If you’ve ever dreamed of starting your morning with a tall stack of pillowy pancakes, these Ultra-Fluffy Buttermilk Pancakes are your ticket to breakfast bliss. Each bite is light, tender, and perfectly buttery, thanks to the tang of real buttermilk and a simple technique that delivers bakery-level loft right from your own kitchen. Whether you are making weekend brunch extra special or want to delight your family with homemade comfort food, this recipe will quickly become your go-to for irresistibly fluffy pancakes!

Ingredients You’ll Need
There’s beauty in the basics, and these ingredients work together like magic to make your Ultra-Fluffy Buttermilk Pancakes truly shine. Each component is here for a reason, giving the pancakes their signature texture, lift, and that unforgettable homemade flavor.
- All-purpose flour: This creates a soft but sturdy base, allowing the pancakes to rise beautifully and maintain their signature fluffiness.
- Granulated sugar: Just enough sugar to provide a gentle sweetness that highlights, rather than overwhelms, the pancake’s flavor.

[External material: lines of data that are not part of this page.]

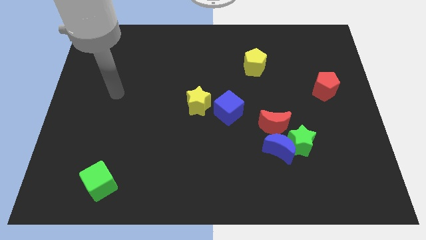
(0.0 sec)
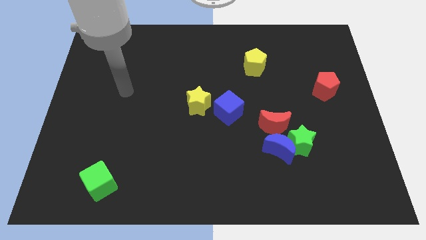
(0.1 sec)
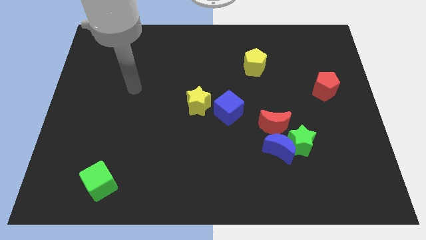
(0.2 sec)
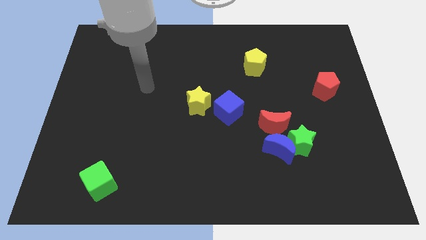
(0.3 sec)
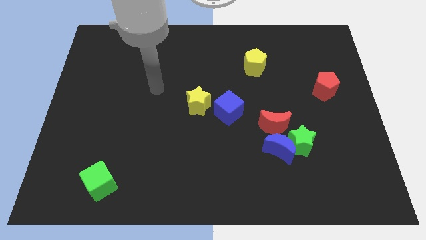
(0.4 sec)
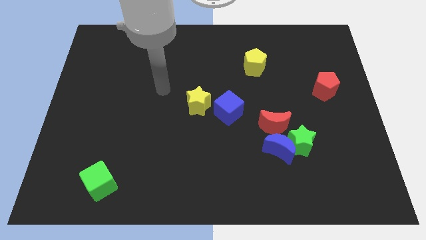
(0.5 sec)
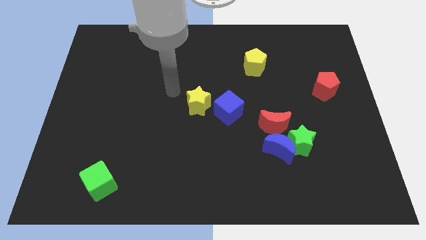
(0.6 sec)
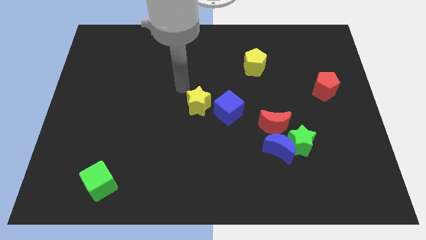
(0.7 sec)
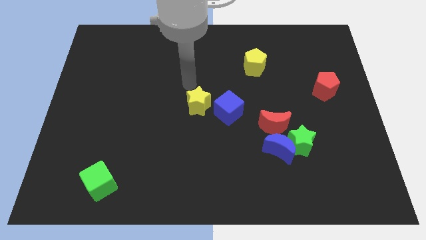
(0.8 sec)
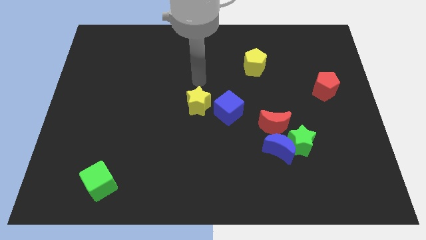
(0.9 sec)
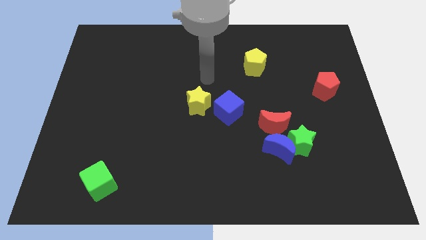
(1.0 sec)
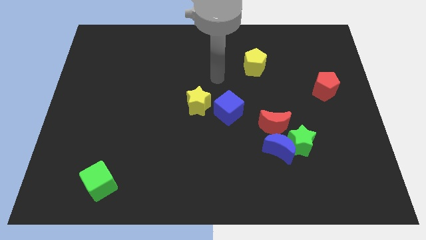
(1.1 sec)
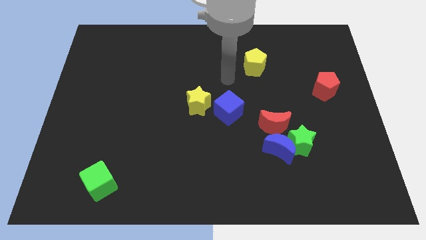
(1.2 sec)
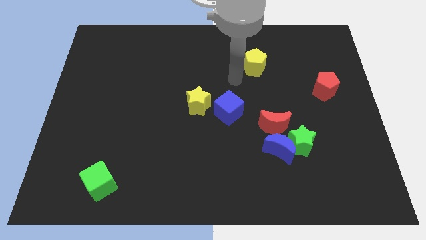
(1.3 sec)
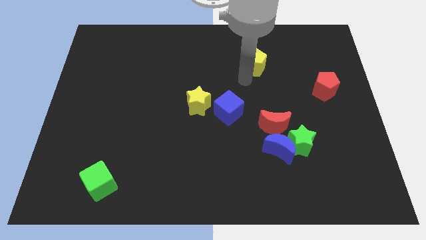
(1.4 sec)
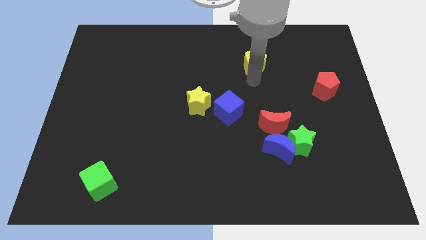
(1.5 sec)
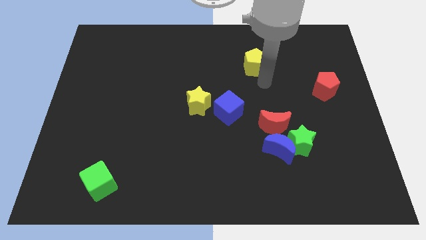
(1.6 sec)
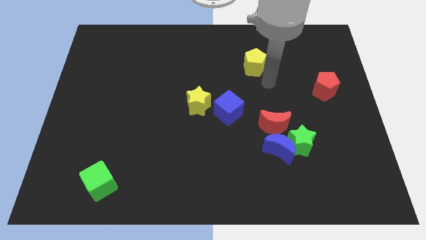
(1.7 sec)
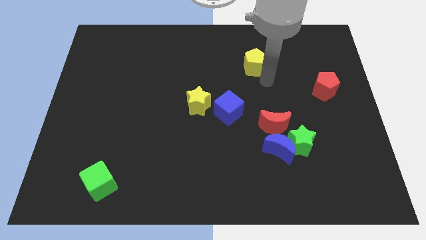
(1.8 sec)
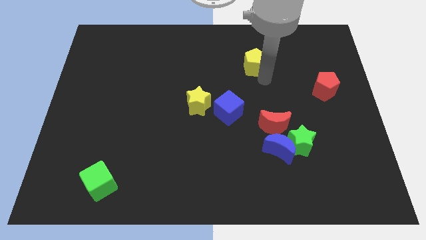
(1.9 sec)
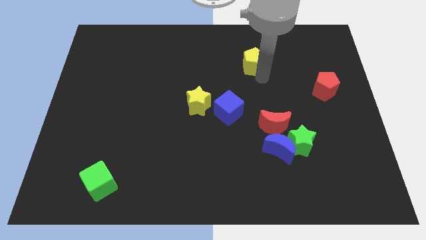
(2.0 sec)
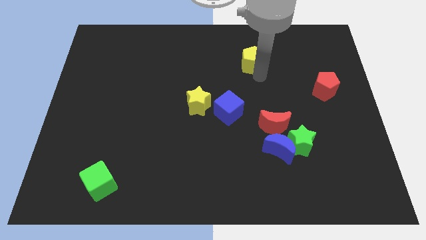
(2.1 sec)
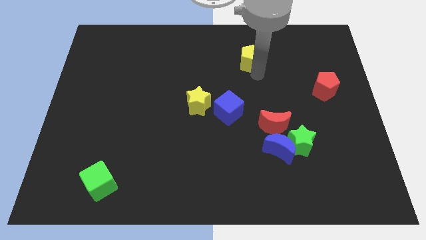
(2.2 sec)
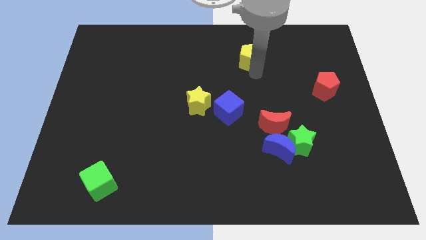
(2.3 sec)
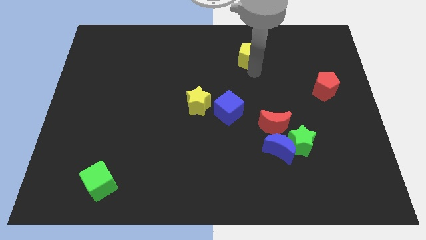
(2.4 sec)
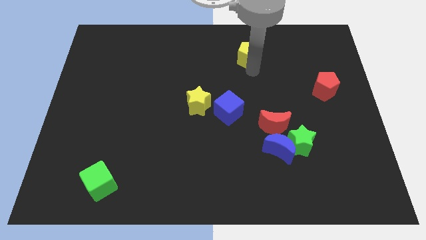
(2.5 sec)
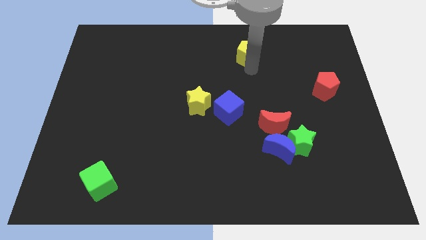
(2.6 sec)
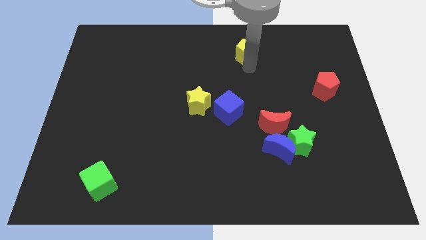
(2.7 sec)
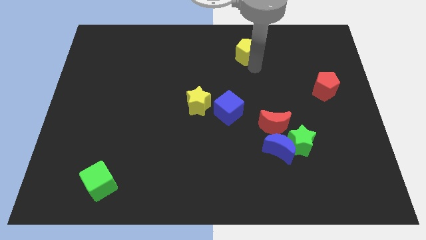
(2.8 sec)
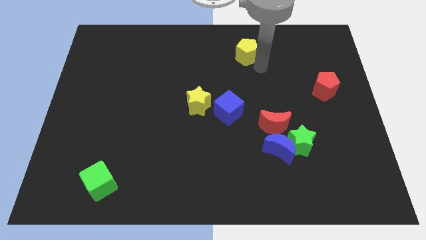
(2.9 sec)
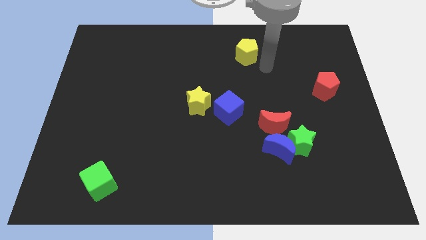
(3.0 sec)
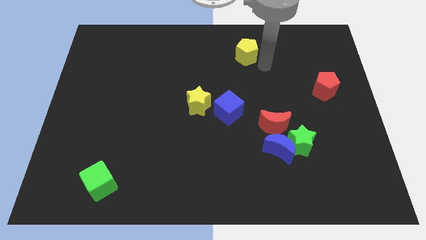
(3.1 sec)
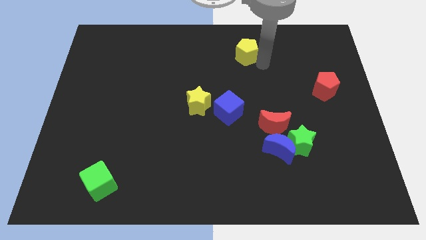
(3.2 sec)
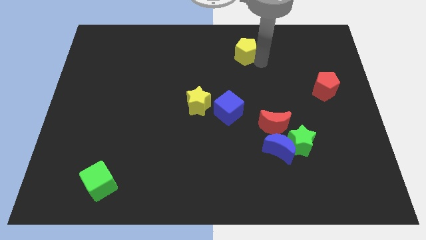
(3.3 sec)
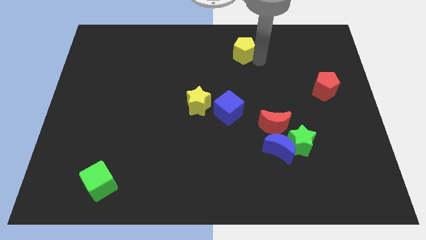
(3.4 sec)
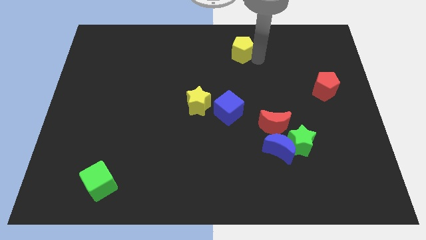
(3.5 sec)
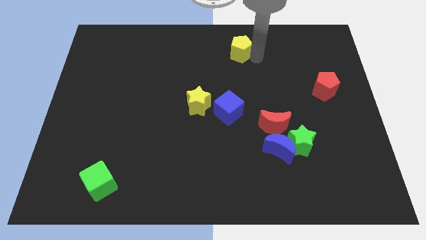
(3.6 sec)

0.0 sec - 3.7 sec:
move the yellow pentagon to the top

- Baking powder: This gives the pancakes a powerful lift, setting the stage for that coveted airy texture.
- Baking soda: Essential for reacting with buttermilk to help the pancakes puff up extra tall and tender.
- Salt: Brings out the subtle flavors and balances the sweetness—it’s the secret to truly delicious pancakes.
- Buttermilk: The star of the show, real buttermilk adds unmistakable tang and incredible tenderness to each bite.
- Large eggs: Eggs bind everything together and create the lovely, fluffy structure that makes these pancakes stand out.
- Unsalted butter, melted: Melted butter adds richness and ensures velvety-soft pancakes, inside and out.
- Vanilla extract: Just a teaspoon of vanilla elevates the entire batch with subtle, aromatic warmth.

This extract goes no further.